An ancient Hindu temple located in Pakistan’s Sialkot city, which was sealed for the last 72 years, has been re-opened for devotees.
Shawala Teja Singh temple was shut down during Partition. Protesting against the demolition of the Babri Masjid in India, a mob had reportedly damaged the temple in 1992, following which Hindu pilgrims had stopped visiting it.
Amir Hashmi, the spokesperson of the Evacuee Trust Property Board, which looks after the holy places of minorities in Pakistan, was quoted as saying by PTI that the “ETPB has opened Shawala Teja Singh temple after the Partition on the demand of the local Hindu community”.
The decision to reopen the temple was issued by Paksitan prime minister Imran Khan,
Built by Sardar Teja Singh, Shawala Teja Singh temple is dedicated to Hindu deity Shiva, in Sialkot in Pakistan’s Punjab province.
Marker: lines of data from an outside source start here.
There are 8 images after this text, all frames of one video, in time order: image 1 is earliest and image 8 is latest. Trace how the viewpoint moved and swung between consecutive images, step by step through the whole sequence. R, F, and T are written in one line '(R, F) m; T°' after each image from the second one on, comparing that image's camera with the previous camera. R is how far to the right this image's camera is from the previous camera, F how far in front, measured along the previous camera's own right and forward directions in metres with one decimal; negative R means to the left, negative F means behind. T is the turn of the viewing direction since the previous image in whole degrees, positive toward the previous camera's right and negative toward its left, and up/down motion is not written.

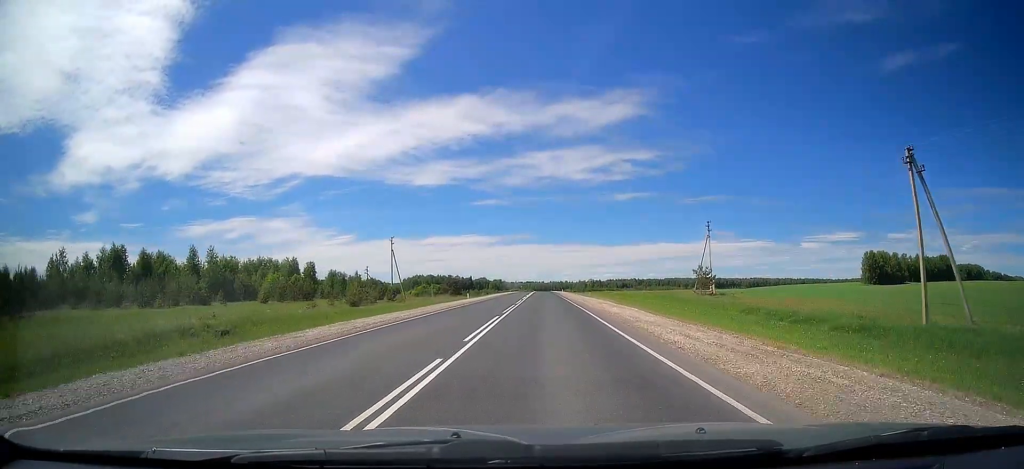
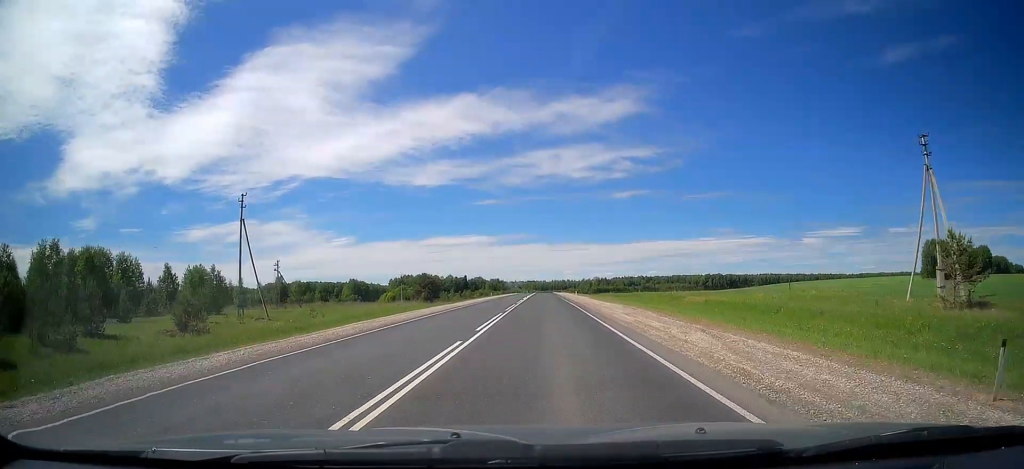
(+0.2, +56.3) m; -1°
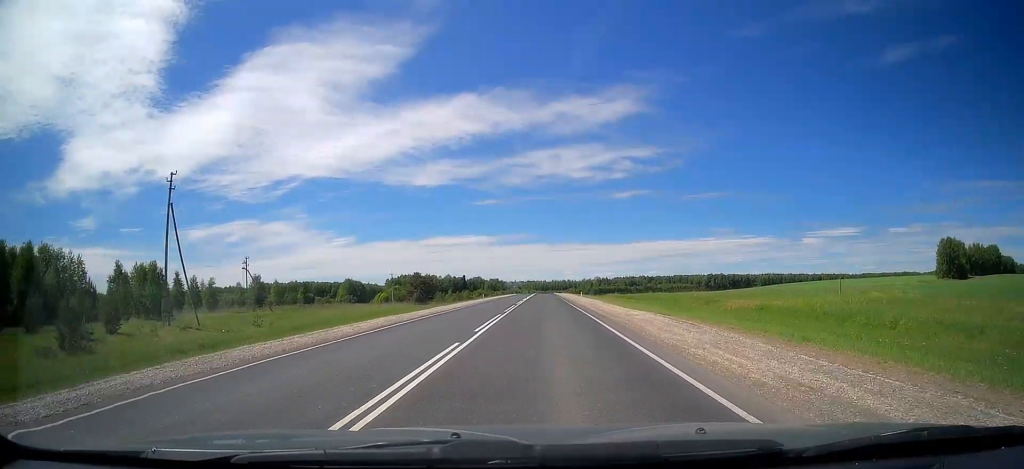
(-0.1, +12.1) m; 0°
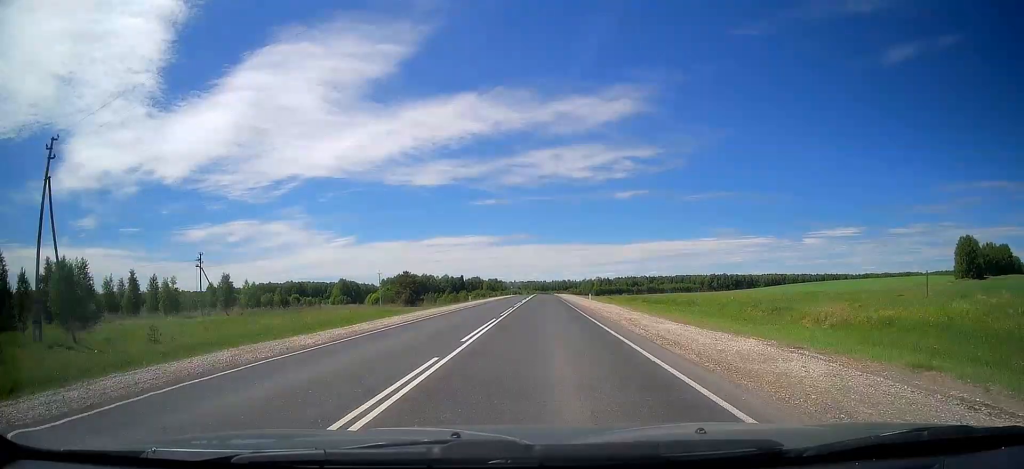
(0.0, +14.2) m; 0°
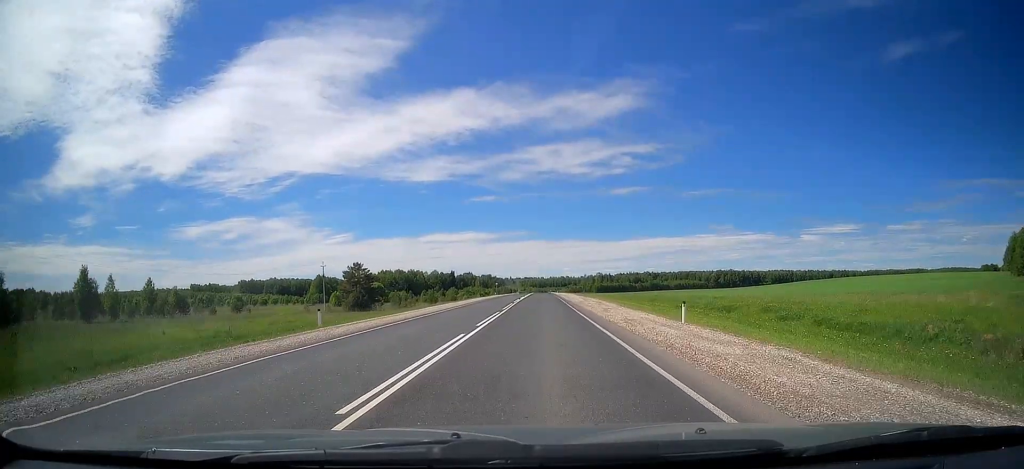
(+0.6, +42.9) m; 0°
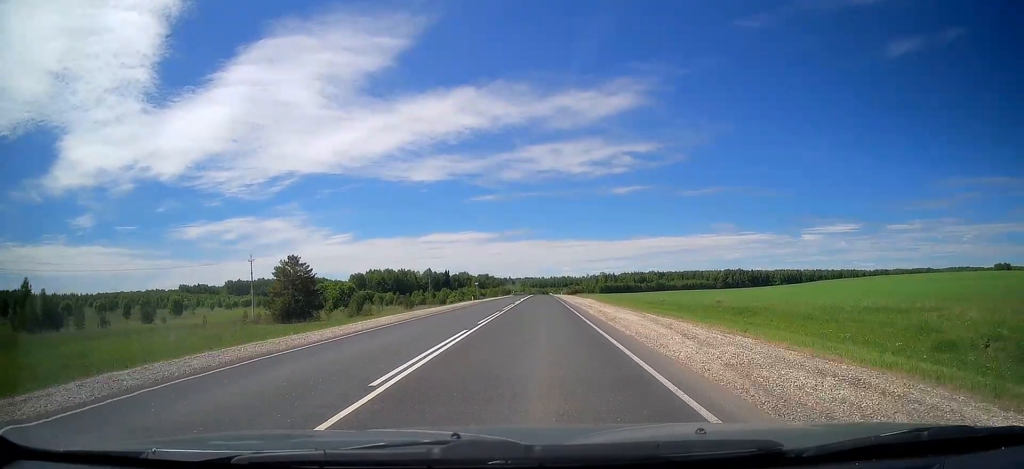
(-0.5, +34.0) m; -1°
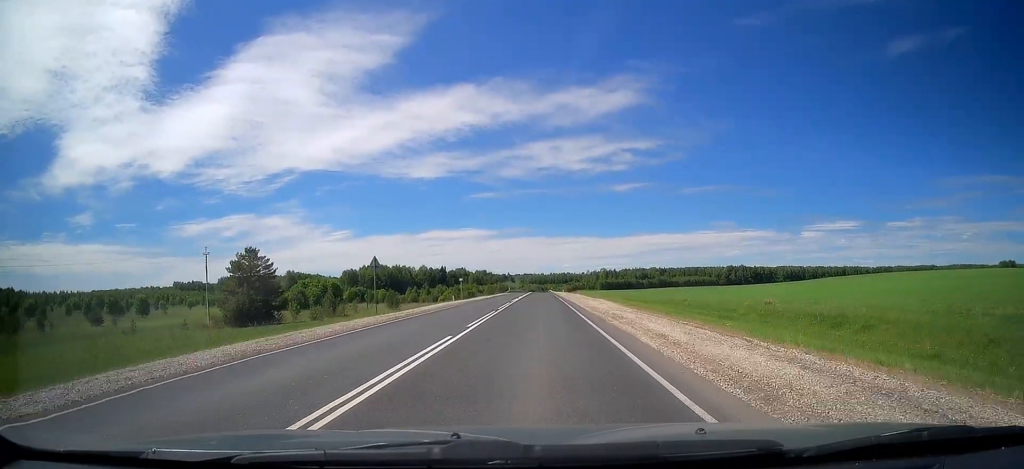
(0.0, +14.5) m; 0°
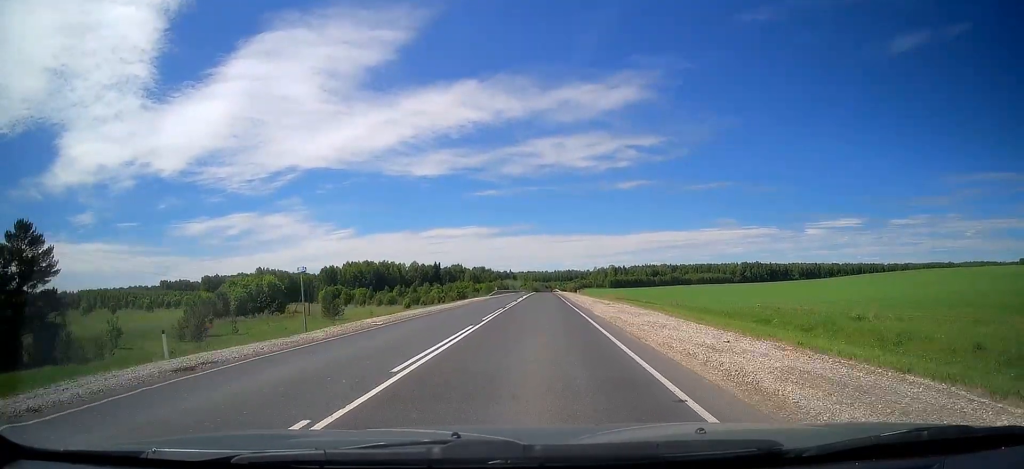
(+0.6, +44.5) m; 0°

Pilgrims climb a steep staircase to reach the temple, which according to ‘History of Sialkot’ is about 1,000 years old.
Significance of re-opening Shawala Teja Singh temple for devotees
The re-opening of the Shawala Teja Singh temple is a major decision in favour of the Hindus, who form the biggest minority community in Pakistan. According to official estimates, 75 lakh Hindus live in Pakistan, with a majority of them settled in Sindh province where they share culture, traditions and language with Muslims.
ETPB Deputy Director Fraz Abbas told PTI that the restoration work of this temple is still underway and the board is expected to complete it shortly. He added that Indian Hindus will also be able to visit the temple.
Local Hindu leaders Rattan Laal and Rumaish Kumar have welcomed the government’s step to restore the temple and open it for the minority community. “We are thankful to the government for opening our temple,” said a Hindu man while speaking to Samaa TV.
“We can come here whenever we want now,” he added.
In April 2019, the Pakistani government announced that it will reclaim and restore 400 temples to the minority group in Pakistan. According to a recent report by The Organization For World Peace (TOFWP), this “compliments a joint decision by Khan and the Prime Minister of India, Narendra Modi, to construct the Kartarpur corridor, allowing visa-free access to Hindi pilgrims from India”.
For 72 years, Partition has given rise to continuing conflict between India and Pakistan which is now beginning to show signs of slowing down, a ‘hope’ that’s supported in the TOFWP report which states that 3,000 violations of the peace agreement occurred in 2017, it reduced to 1,000 while in 2018.